# spraying high popcorn ceilings



## JoseyWales (Jan 8, 2011)

I just took a look at a job where the popcorn ceiling in the living room and upper hall needs to be sprayed...The walls are about 24' and are not to be painted...I've never attempted to do an interior spray job with this degree of difficulty before...Considering that I'm out of work presently I may take it on...Suggestions?

I think I'd use an extension ladder and use blue tape all the way around [using a putty knife to smooth the tape down}and then use a roll of Poly combined with 1 1/2" green tape over the blue at the ceiling...Then undrape the poly and go around a second and third time until the poly hits the floor...I think the rolls of poly only open up to 8'...

Next I'd rent a big azz step ladder and use a pole extension to spray the ceiling...

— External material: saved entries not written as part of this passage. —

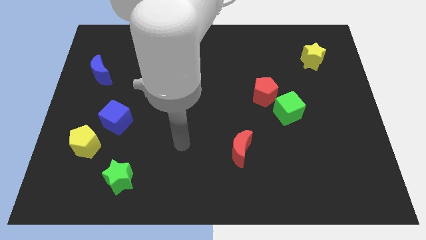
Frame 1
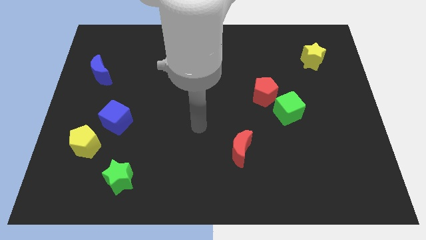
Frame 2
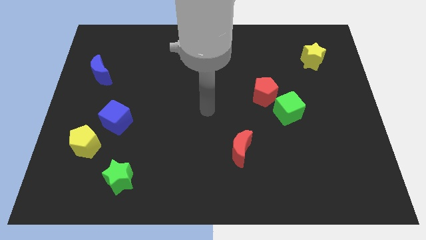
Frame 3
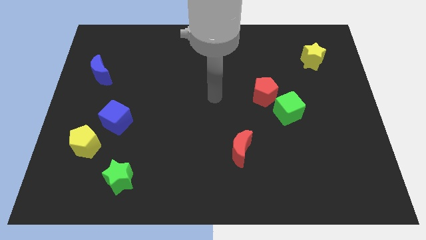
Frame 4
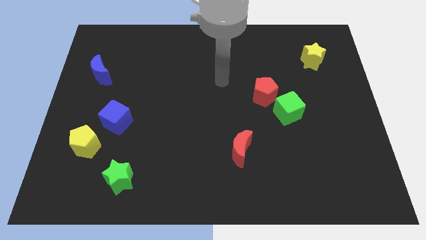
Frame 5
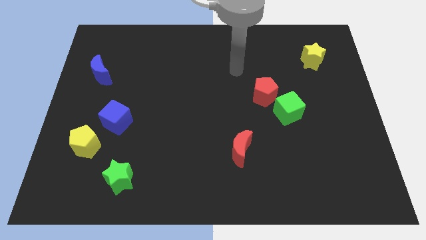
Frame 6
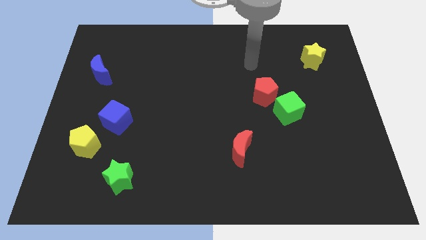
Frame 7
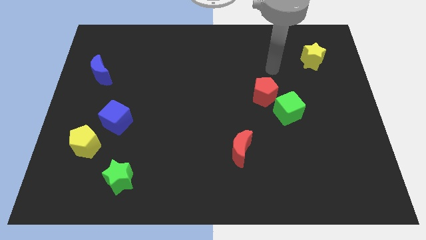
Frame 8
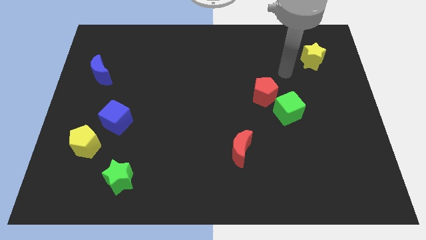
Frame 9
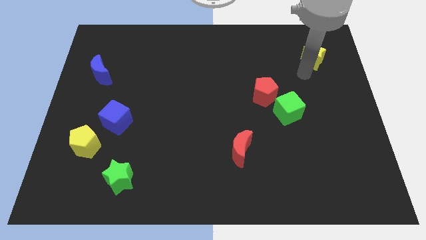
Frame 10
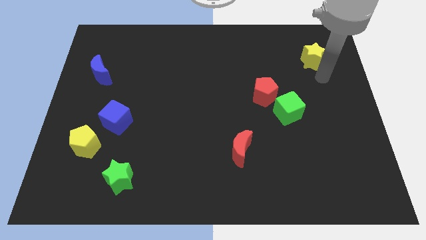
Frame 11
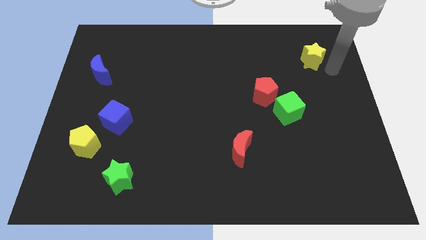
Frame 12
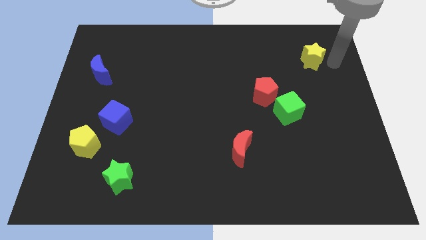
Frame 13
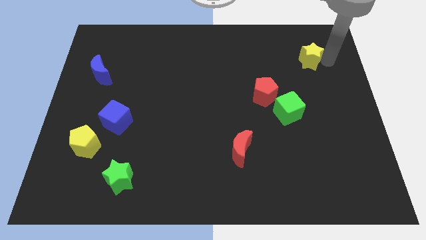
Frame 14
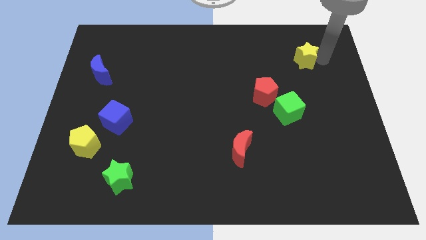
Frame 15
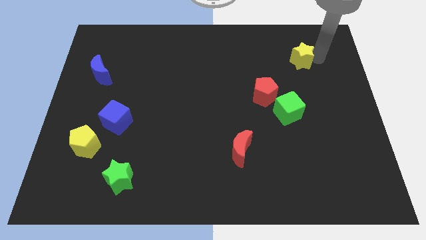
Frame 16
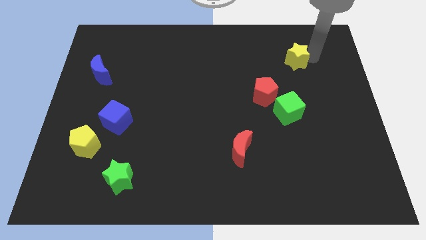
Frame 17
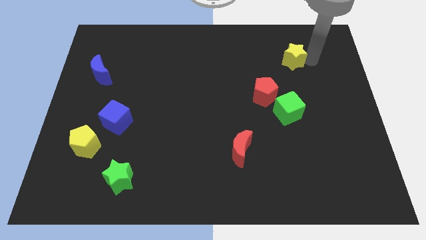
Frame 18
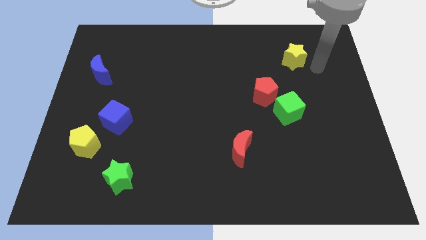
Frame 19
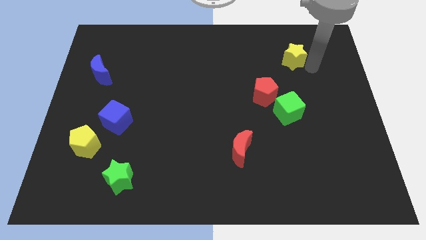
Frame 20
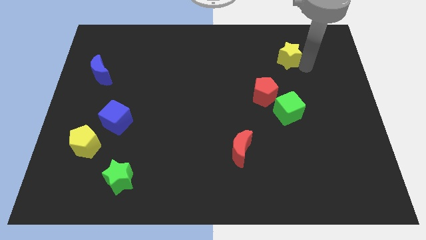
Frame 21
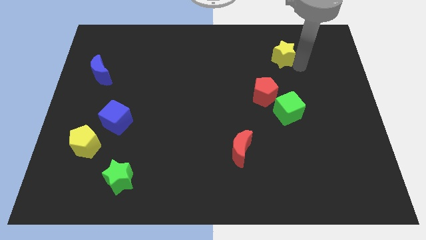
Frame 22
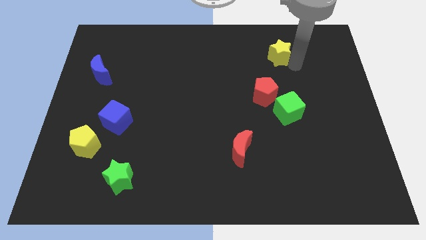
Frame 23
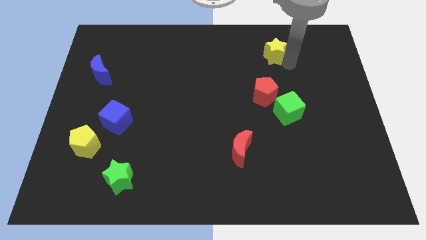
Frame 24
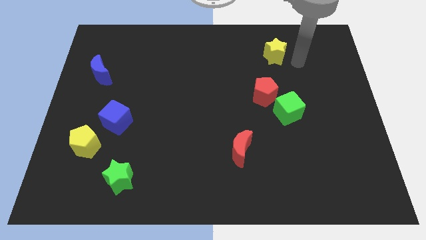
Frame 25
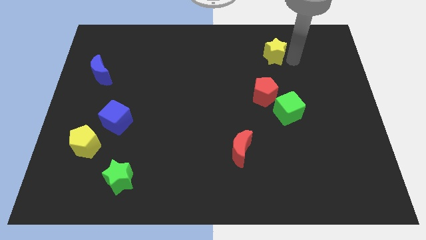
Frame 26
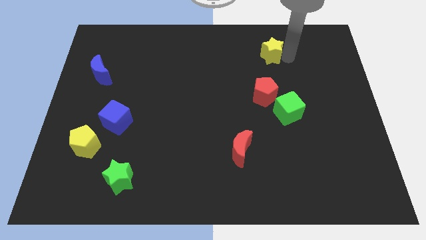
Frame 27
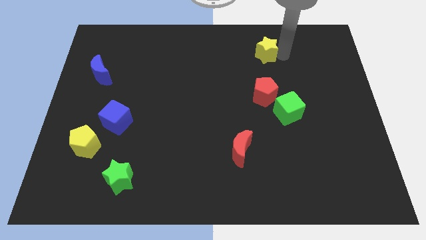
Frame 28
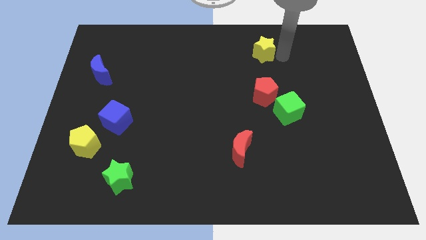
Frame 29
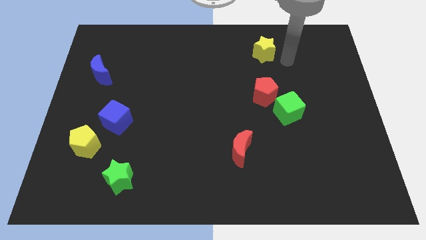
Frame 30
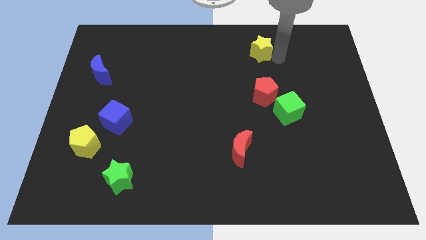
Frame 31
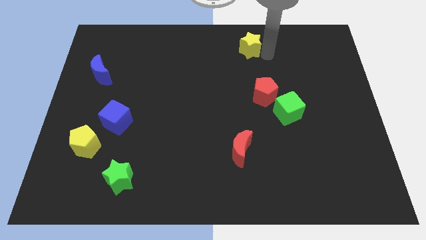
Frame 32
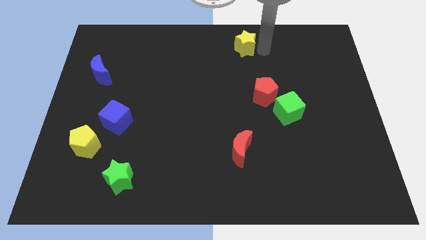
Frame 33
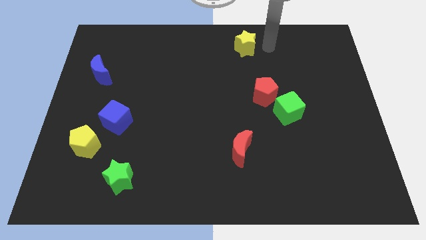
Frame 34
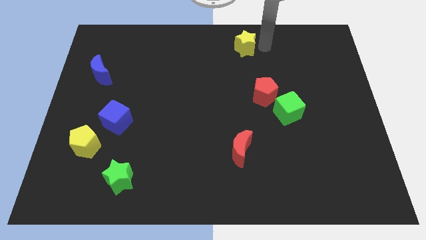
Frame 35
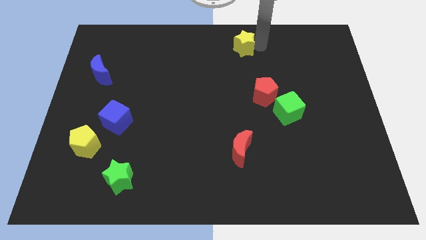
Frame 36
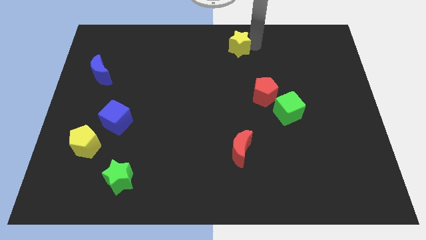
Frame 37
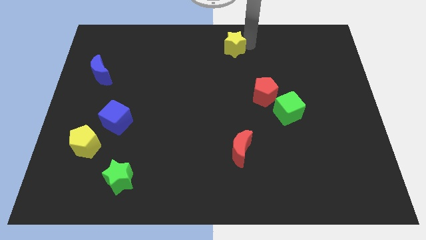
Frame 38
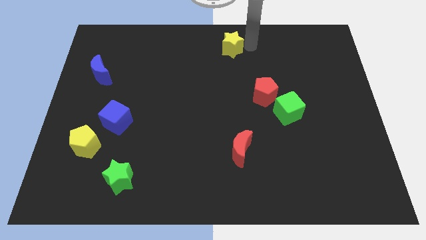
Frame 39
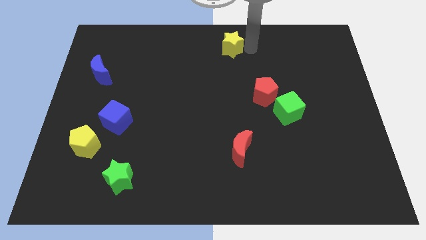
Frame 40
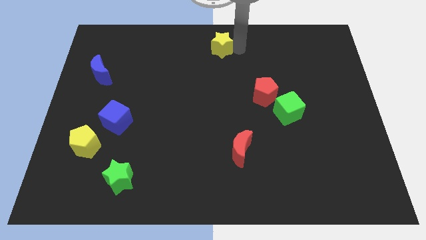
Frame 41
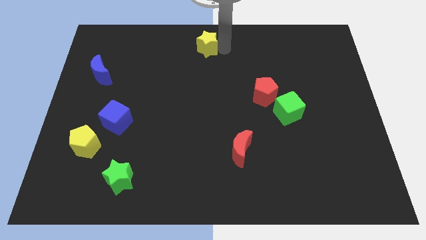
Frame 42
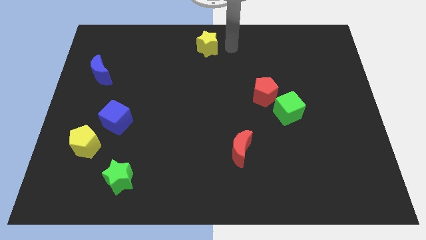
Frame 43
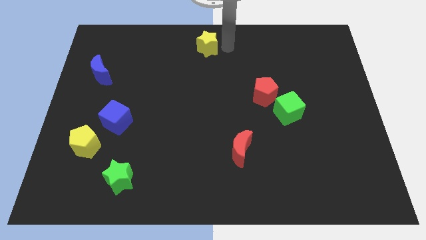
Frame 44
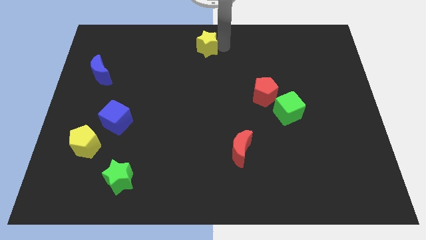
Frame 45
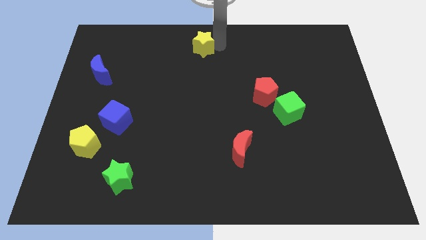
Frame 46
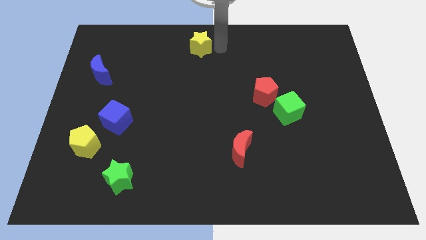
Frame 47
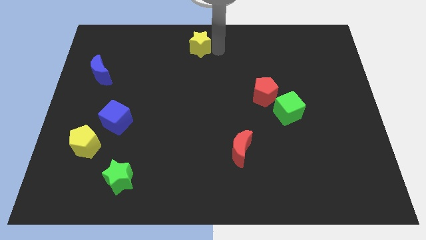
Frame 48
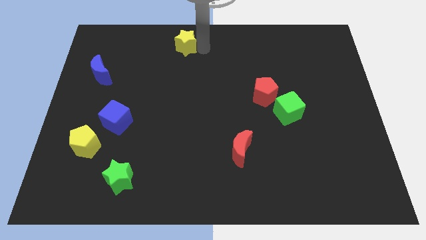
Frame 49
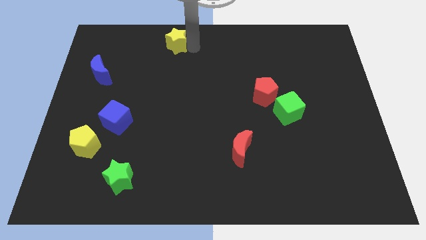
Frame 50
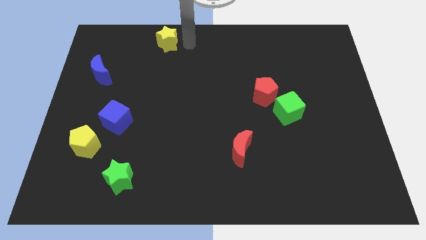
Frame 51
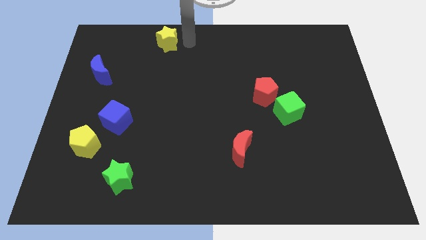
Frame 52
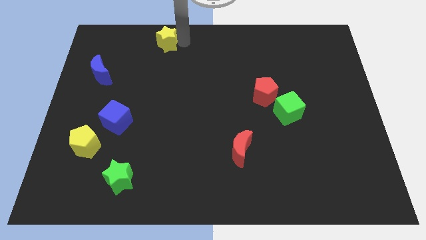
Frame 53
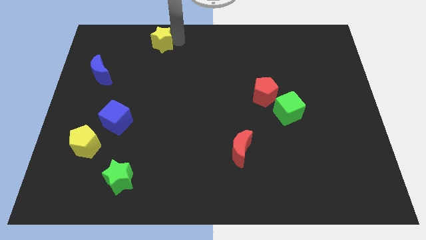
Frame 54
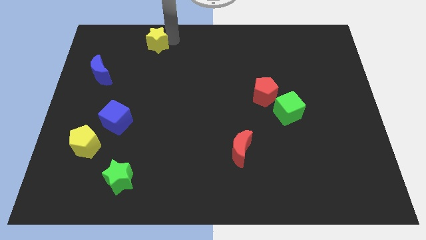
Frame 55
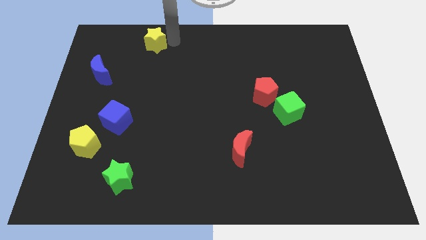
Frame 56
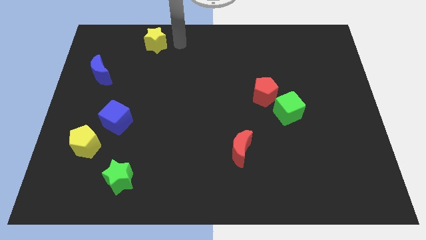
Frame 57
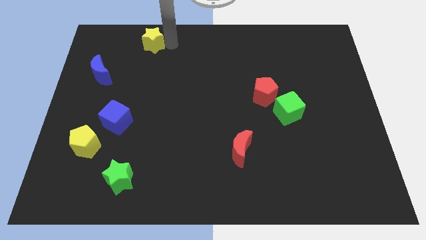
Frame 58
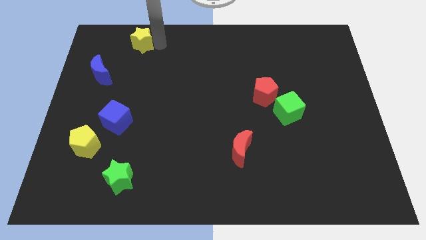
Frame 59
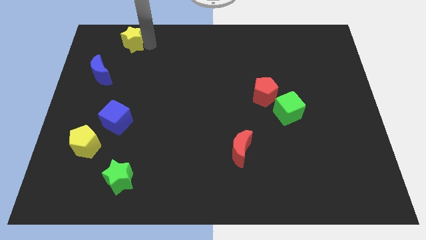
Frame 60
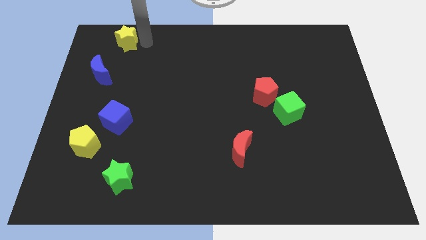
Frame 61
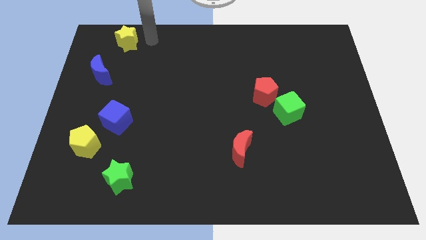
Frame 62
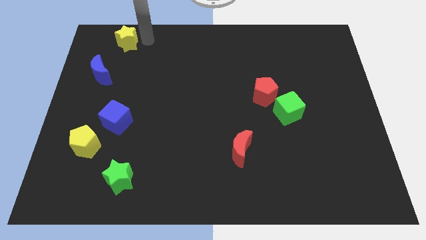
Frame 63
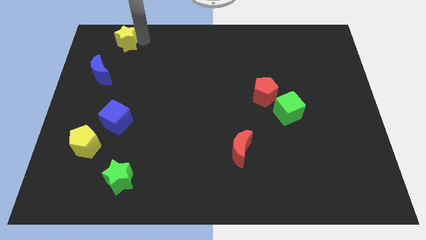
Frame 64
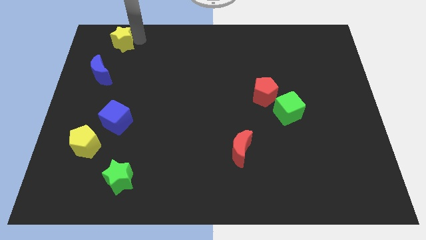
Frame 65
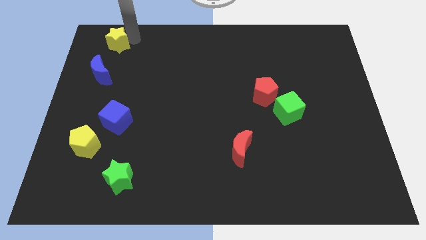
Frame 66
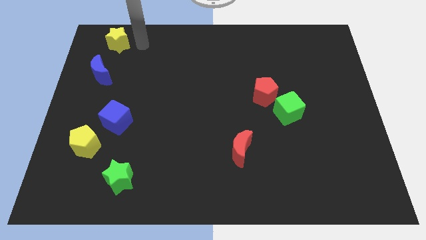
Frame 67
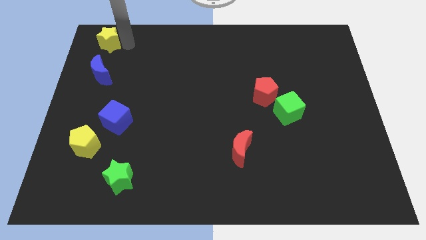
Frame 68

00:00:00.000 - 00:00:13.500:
slide the yellow star to the top left corner

Apparently the roof leaked and there was water damage...They attempted to touch it up but it really stands out as too white compared to the rest of the ceiling..There are 3-4 big blotches of white...The roofer is responsible for paying me...I'm guessing two guys and one day,a couple pails of super spec flat white and 6-7 rolls of poly and a bunch of tape....I'm going to bid $1200 for my trouble and I'm sure the roofer will freak out...lol..The house has been sold and the occupants are slowly moving out.

Thoughts on my method?

Yeah I'd love to have a scafford but have never set up something that high.


----------



## jack pauhl (Nov 10, 2008)

Here are a few pics of a 20' high room where we had to float the ceiling out and do a knockdown. We used 3 sections and this room had hardwood floors. We applied rosin, then 1/4" luan sub-flooring over it, taped it all in place then rolled on the wood. Our plastic was attached to the crown with 1 1/2" tape and we draped from a 400' roll. Do not remember how wide the plastic was but we were dropping large wide sections at a time.


----------



## Workaholic (Apr 17, 2007)

I do it like Jack does, I buy the 400x12 for this and roll it all the way to the floor and do twelve foot sections, if 9' is easier for you buy the 400x9

Funny part about this job is they may have been able to spray a little bleach mix to eliminate the stain without a sheen flash or color issue.


----------



## PatsPainting (Mar 4, 2010)

before I would even start, I would want the Home owner to pay me and let them deal with the roofer.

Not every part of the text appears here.